Essa falta de alinhamento e a exposição pública dos conflitos internos só ampliam a crise institucional. Com sinais de divisão clara, a diretoria transmite a imagem de um clube desgovernado em plena disputa do Brasileirão.

Neymar no Santos: esperança que se transformou em dependência

A volta de Neymar ao Santos foi recebida como uma chance de redenção. No entanto, o craque enfrenta uma sequência preocupante de lesões. A última, sofrida na primeira etapa da vitória contra o Atlético Mineiro, vai deixar Neymar de fora mais algumas semanas.

Fora de campo, Neymar também criou polêmica ao publicar, e depois apagar, uma escalação sugerida para o time, algo visto como tentativa de interferência na comissão técnica interina.

Hoje, o Santos é, em grande parte, refém de Neymar: um jogador que é mais importante para o marketing do que para a performance esportiva.

No momento, o Santos ocupa uma preocupante 18ª posição no Campeonato Brasileiro, somando apenas 4 pontos em 5 rodadas. A zona de rebaixamento já é realidade, e a equipe não mostra força de reação sem um comandante à altura da história do clube.

Com o elenco atual e sem treinador efetivo, a perspectiva de melhora imediata é baixa. Torcedores e analistas apontam que o time não apenas joga mal, mas transmite apatia e desorganização dentro de campo.

A pausa para o Super Mundial: chance de reconstrução

Em junho, o futebol brasileiro entrará em pausa para o Super Mundial de Clubes da FIFA, e o Santos, que não participa do torneio, terá uma oportunidade rara de reorganizar seu departamento de futebol.

A pausa de aproximadamente 30 dias poderá ser usada para:

  • Contratar um treinador definitivo.
  • Dar tempo para esse treinador implementar seu estilo de jogo.
  • Reforçar o elenco na janela de transferências.
  • Recuperar ritmo de jogadores lesionados, como Neymar, Soteldo e Zé Rafael para o segundo semestre.

O grande problema é que, se a atual gestão não agir rápido e com inteligência, o tempo pode ser desperdiçado — e o risco de lutar contra o rebaixamento até o fim do ano será enorme.

O Santos mantém César Sampaio como interino não por opção consciente, mas por falta de alternativas e capacidade de gestão.

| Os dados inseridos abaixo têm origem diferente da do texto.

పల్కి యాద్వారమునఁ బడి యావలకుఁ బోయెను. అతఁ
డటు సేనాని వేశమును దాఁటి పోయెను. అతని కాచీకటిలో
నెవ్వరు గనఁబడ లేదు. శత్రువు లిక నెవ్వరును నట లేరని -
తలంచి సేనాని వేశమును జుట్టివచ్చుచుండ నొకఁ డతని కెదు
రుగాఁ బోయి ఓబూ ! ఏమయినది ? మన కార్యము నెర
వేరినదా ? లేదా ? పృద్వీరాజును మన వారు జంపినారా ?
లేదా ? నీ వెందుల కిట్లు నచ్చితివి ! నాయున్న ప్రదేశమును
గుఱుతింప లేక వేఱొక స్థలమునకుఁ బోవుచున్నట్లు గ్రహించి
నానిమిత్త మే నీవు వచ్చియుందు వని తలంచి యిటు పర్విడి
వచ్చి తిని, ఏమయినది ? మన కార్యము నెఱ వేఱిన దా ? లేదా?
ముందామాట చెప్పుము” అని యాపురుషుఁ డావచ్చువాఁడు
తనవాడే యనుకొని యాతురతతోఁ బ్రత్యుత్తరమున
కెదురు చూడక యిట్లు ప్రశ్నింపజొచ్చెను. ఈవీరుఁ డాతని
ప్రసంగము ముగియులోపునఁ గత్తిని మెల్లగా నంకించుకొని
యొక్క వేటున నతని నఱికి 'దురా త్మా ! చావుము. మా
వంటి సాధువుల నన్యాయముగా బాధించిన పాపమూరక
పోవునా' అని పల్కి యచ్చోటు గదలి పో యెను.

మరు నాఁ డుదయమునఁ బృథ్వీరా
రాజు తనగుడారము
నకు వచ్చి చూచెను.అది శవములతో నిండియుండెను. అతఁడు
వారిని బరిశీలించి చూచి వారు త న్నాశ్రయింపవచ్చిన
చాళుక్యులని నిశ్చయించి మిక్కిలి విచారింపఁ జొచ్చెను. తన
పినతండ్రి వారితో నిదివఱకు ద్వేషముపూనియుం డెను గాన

O clube enfrenta uma combinação desastrosa de amadorismo interno, elenco limitado, dependência de Neymar e descrédito no mercado.

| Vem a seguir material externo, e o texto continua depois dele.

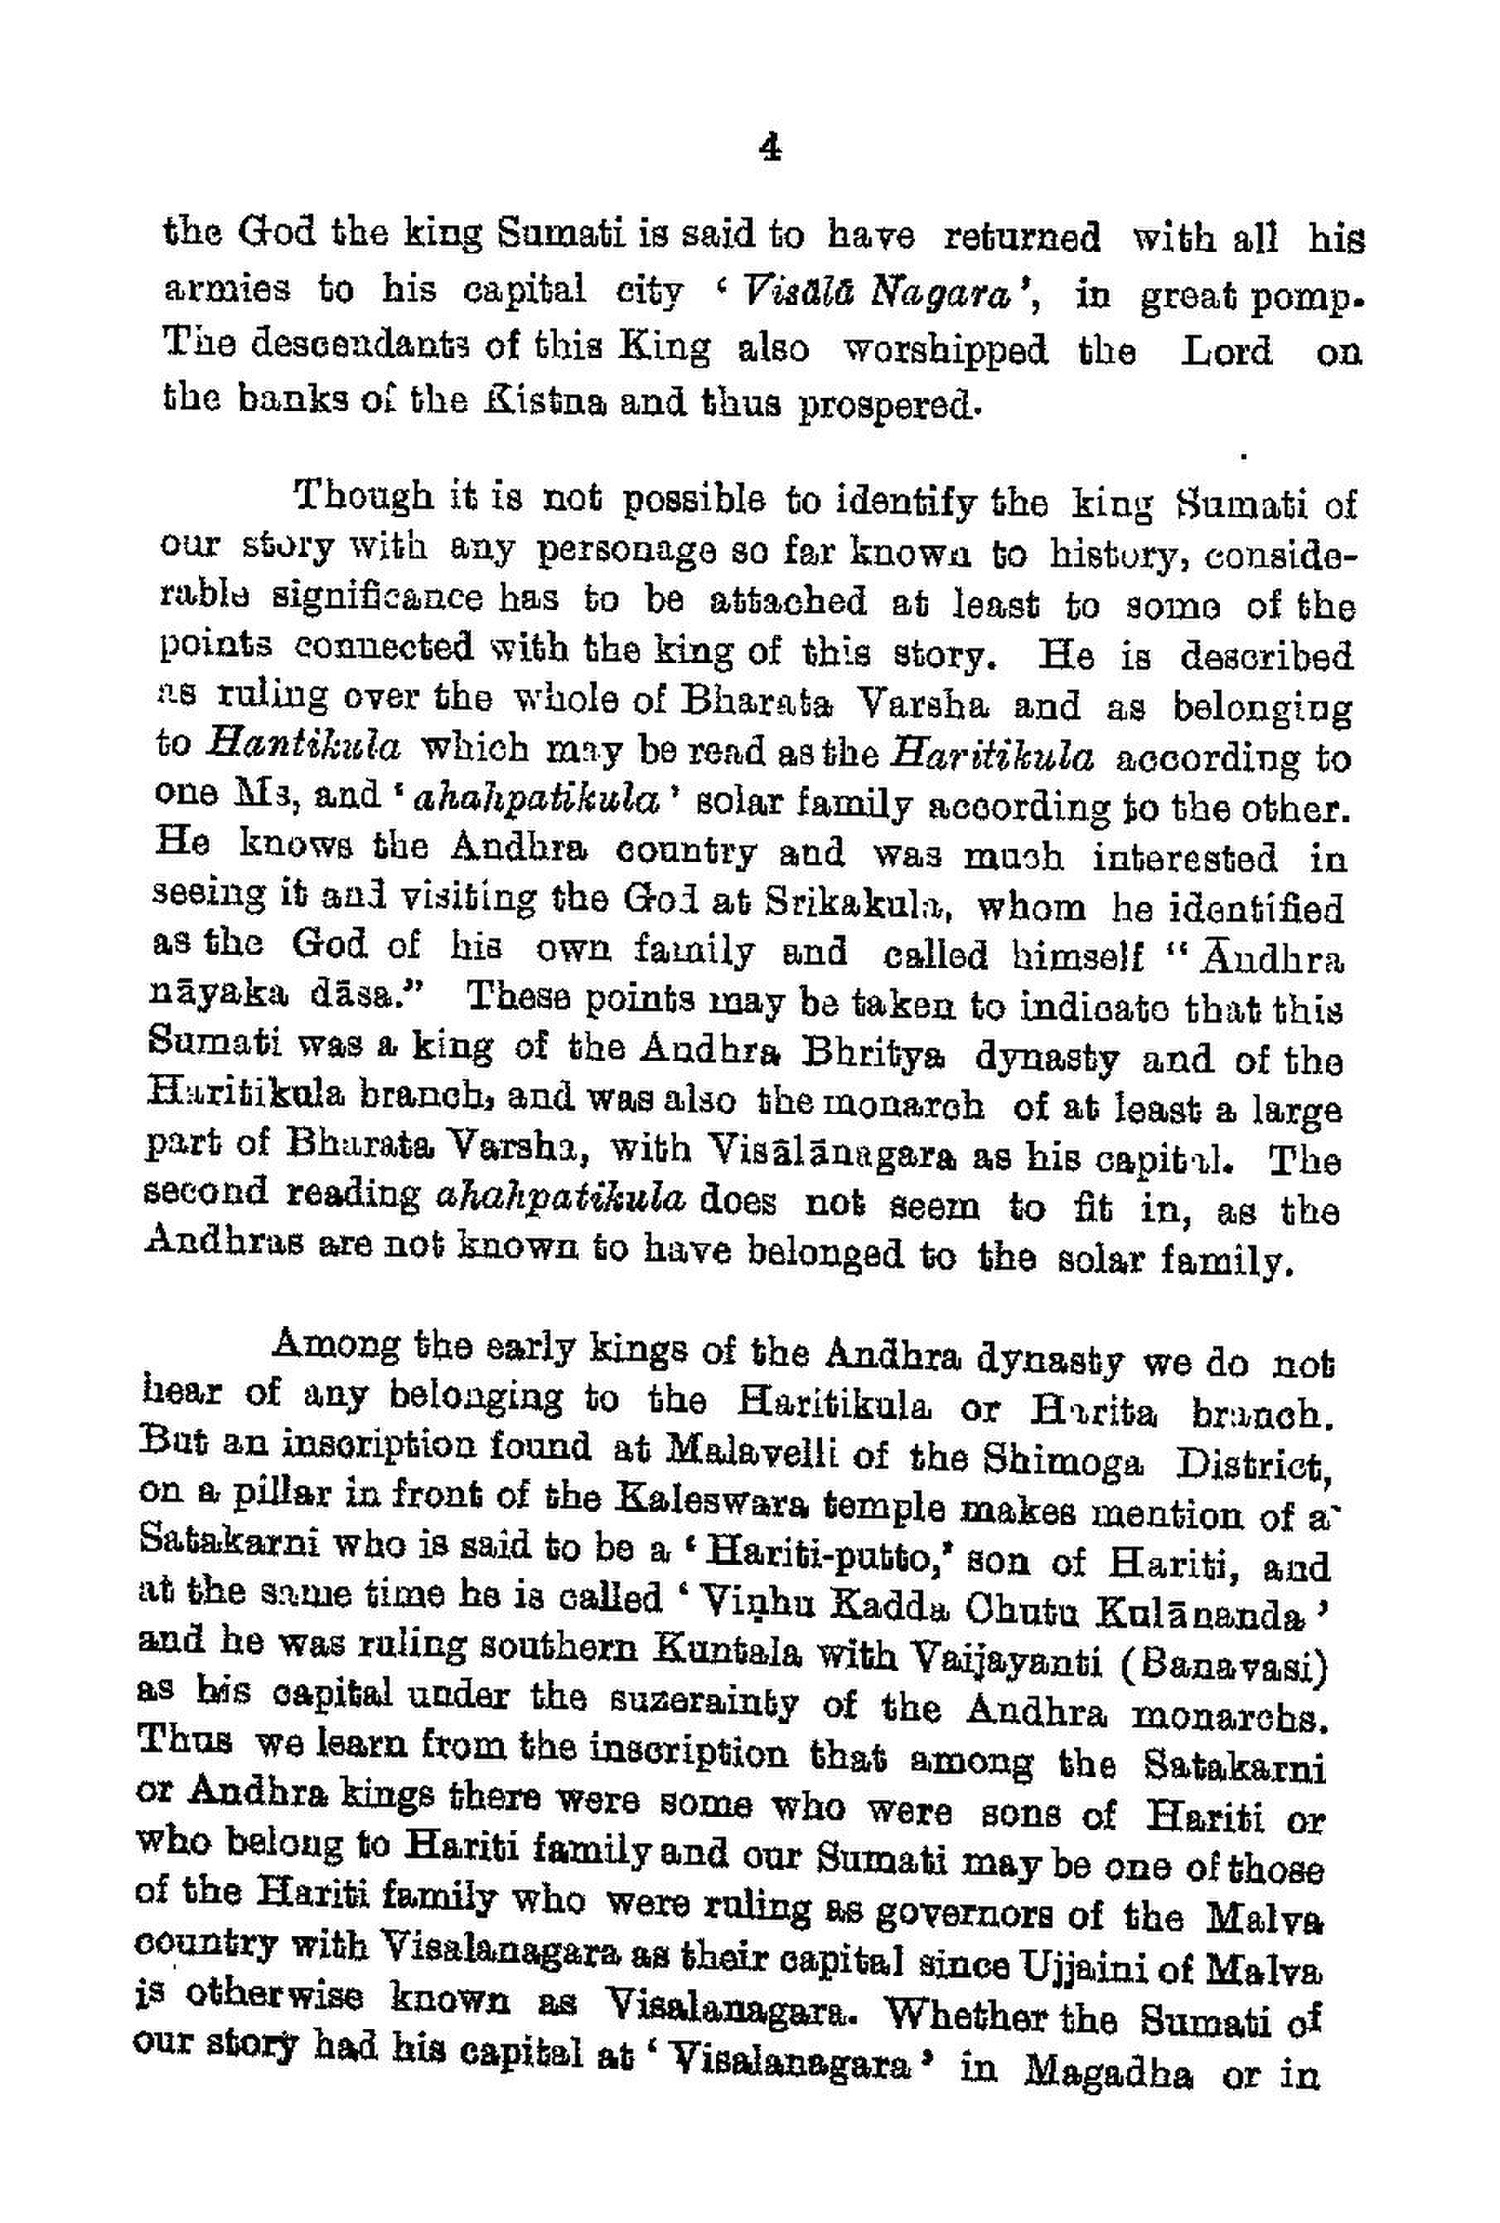the God the king Sumati is said to have returned with all his armies to his capital city Visālā Nagara, in great pomp. The descendants of this King also worshipped the Lord on the banks of the Kistna and thus prospered.

Though it is not possible to identify the king Sumati of our story with any personage so far known to history, considerable significance has to be attached at least to some of the points connected with the king of this story. He is described as ruling over the whole of Bharata Varsha and as belonging to Hantikula which may be read as the Haritikula according to one Ms, and ahahpatikula solar family according to the other. He knows the Andhra country and was much interested in seeing it and visiting the God at Srikakula, whom he identified as the God of his own family and called himself "Andhra nāyaka dāsa." These points may be taken to indicato that this Sumati was a king of the Andhra Bhritya dynasty and of the Huritikula branch, and was also the monarch of at least a large part of Bharata Varsha, with Visālānagara as his capital. The second reading ahahpatikula does not seem to fit in, as the Andhras are not known to have belonged to the solar family.

Among the early kings of the Andhra dynasty we do not hear of any belonging to the Haritikula or Harita branch. But an inscription found at Malavelli of the Shimoga District, on a pillar in front of the Kaleswara temple makes mention of a Satakarni who is said to be a 'Hariti-putto, son of Hariti, and at the same time he is called 'Viņhu Kadda Ohutu Kulānanda' and he was ruling southern Kuntala with Vaijayanti (Banavasi) as his capital under the suzerainty of the Andhra monarchs. Thus we learn from the inscription that among the Satakarni or Andhra kings there were some who were sons of Hariti or who belong to Hariti family and our Sumati may be one of those of the Hariti family who were ruling as governors of the Malva country with Visalanagara as their capital since Ujjaini of Malva is otherwise known as Visalanagara. Whether the Sumati of our story had his capital at 'Visalanagara' in Magadha or in

A pausa para o Super Mundial é uma chance de ouro — talvez a última na temporada — para tentar corrigir o rumo. Mas, para isso, será necessário um nível de competência que a atual diretoria ainda não demonstrou ter.

Se nada mudar, o Santos corre o sério risco de ampliar sua crise para algo ainda mais grave: um novo rebaixamento no Campeonato Brasileiro.